Study Tests Using Teacher Observation Data for Evaluation of EPPs

A new study finds that using observational ratings of beginning teachers may be a viable alternative—or a useful complement—to relying solely on controversial “value-added” modeling (VAM) in evaluation of educator preparation providers (EPPs).

An article about the study by Matthew Ronfeldt and Shanyce Campbell of the University of Michigan School of Education, published in the journal Educational Evaluation and Policy Analysis, is now available online.

In what the authors describe as the first study to investigate the use of teachers’ observational ratings to evaluate their preparation programs and institutions, the results are compelling.

“The demands for teacher preparation accountability continue to grow, from the proposed federal regulations to new accreditation standards,” said Ronfeldt, who was also the 2016 recipient of AACTE’s Outstanding Journal of Teacher Education Article Award. “We sorely need better ways to assess program quality. Although VAM makes an important contribution to our understanding of program outcomes, we likely need multiple measures to capture something as complex as preparation quality. We are excited to find that teacher observational ratings could be a viable supplement.”

Some potential advantages of observational ratings are that they are available for most teachers, are direct measures of instruction, and can provide useful feedback to teachers and programs about performance in specific areas of instruction. Currently, VAM is widely used to measure teachers’ impact on student achievement, but the evidence is mixed on its reliability. Moreover, the method’s dependence on standardized test scores has faced especially heavy criticism in the current backlash against overtesting. Extending this model to judge effectiveness of teachers’ EPPs has also been widely criticized for unfairly penalizing programs that send teachers into low-performing schools and for failing to capture performance of graduates teaching in nontested subjects and levels, among other concerns.
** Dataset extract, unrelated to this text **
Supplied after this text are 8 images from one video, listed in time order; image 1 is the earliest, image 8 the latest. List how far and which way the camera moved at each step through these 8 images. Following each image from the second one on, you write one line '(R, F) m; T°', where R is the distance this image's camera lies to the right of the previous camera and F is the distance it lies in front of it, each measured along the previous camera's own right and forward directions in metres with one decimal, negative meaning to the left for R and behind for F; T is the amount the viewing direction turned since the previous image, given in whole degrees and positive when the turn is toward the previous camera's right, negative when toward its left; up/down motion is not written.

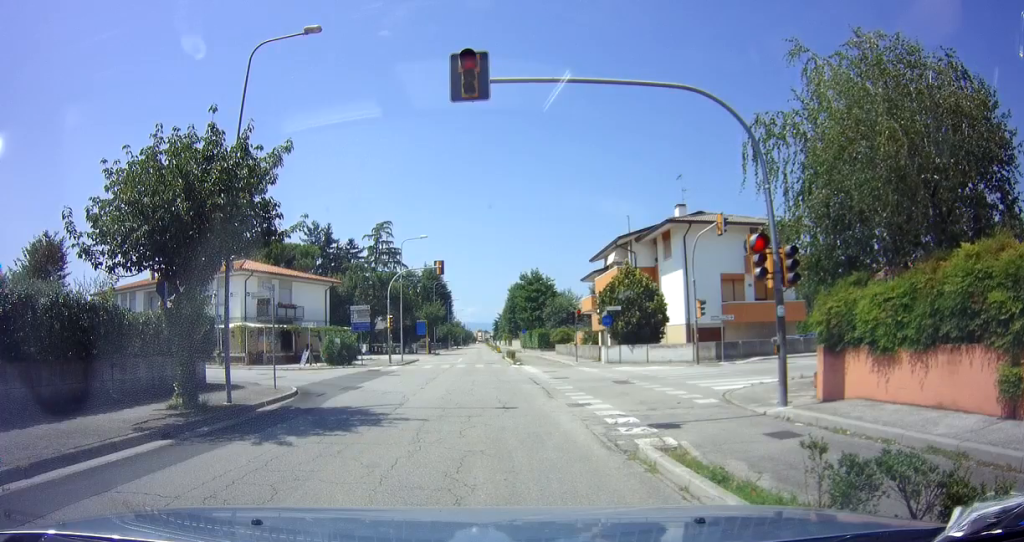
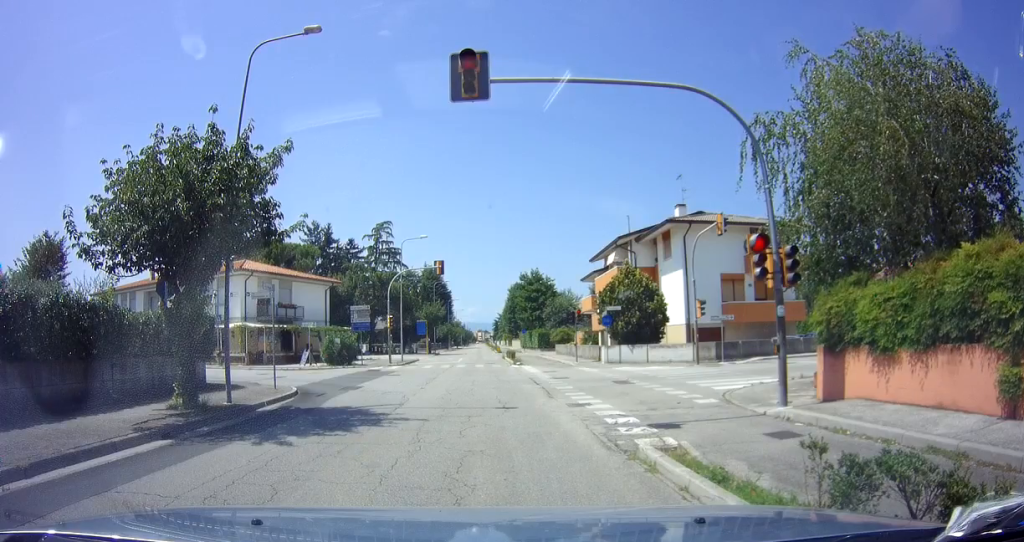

Tennessee is the birthplace of VAM, originating in the Tennessee Value-Added Assessment System (TVAAS) developed in the 1990s and still in use today. The state also employs observational rubrics that collect numerical ratings for each teacher, usually several times per year, across a number of domains and indicators. Ronfeldt and Campbell drew on both of these statewide data sources for their study, identifying nearly 9,500 teachers who completed in-state preparation programs between 2009-10 and 2012-13 and were employed in more than 1,500 Tennessee public schools during the 2011-12 through the 2013-14 academic years. These teachers came from 183 programs at 44 different providers around the state.

Testing uncharted waters in connecting teachers’ observational ratings to their specific preparation program, Ronfeldt and Campbell first investigated what modeling approach would work best. They found that using simple averages would likely penalize programs that supply teachers to schools with more historically marginalized students. All regression approaches they tested were preferable to using averages, though they argue that “school fixed effects” and hierarchical linear models seem to do a better job of adjusting for differences between schools than ordinary least squares models. The authors are careful to note that a few programs in the study came out with very different rankings under the different models—as disparate as being in the top quartile in one but the bottom quartile in another—making the choice of model profoundly significant for at least that small percentage of programs.

In the end, the authors found that observational ratings of EPP graduates did indeed reveal significant and meaningful differences among providers and programs. The difference between the average quality of graduates in the top and in the bottom quartile programs was roughly equivalent to a full year of teaching experience. Additionally, more than half of the programs in the study were ranked in a different quartile than their host institution, suggesting that assessing institutions alone may not be sufficient. Doing so would, for example, risk penalizing a high-performing program in a low-performing institution.  

In addition, assessing providers using graduates’ observational ratings produced moderately similar results to evaluations based on their students’ achievement gains as measured by TVAAS. For some programs, though, the choice of outcome measure (observation ratings vs. VAM scores) made a significant difference in their rankings.

If used for high-stakes policy purposes such as program approval and accreditation standards, Ronfeldt and Campbell suggest combining observation-based with VAM-based approaches as complementary “checks and balances” for capturing program outcomes, along with other factors such as graduates’ retention data. Just as teacher evaluation needs to employ multiple measures to capture varied dimensions of teacher quality, so must assessment of EPP quality reflect the complexity of the enterprise.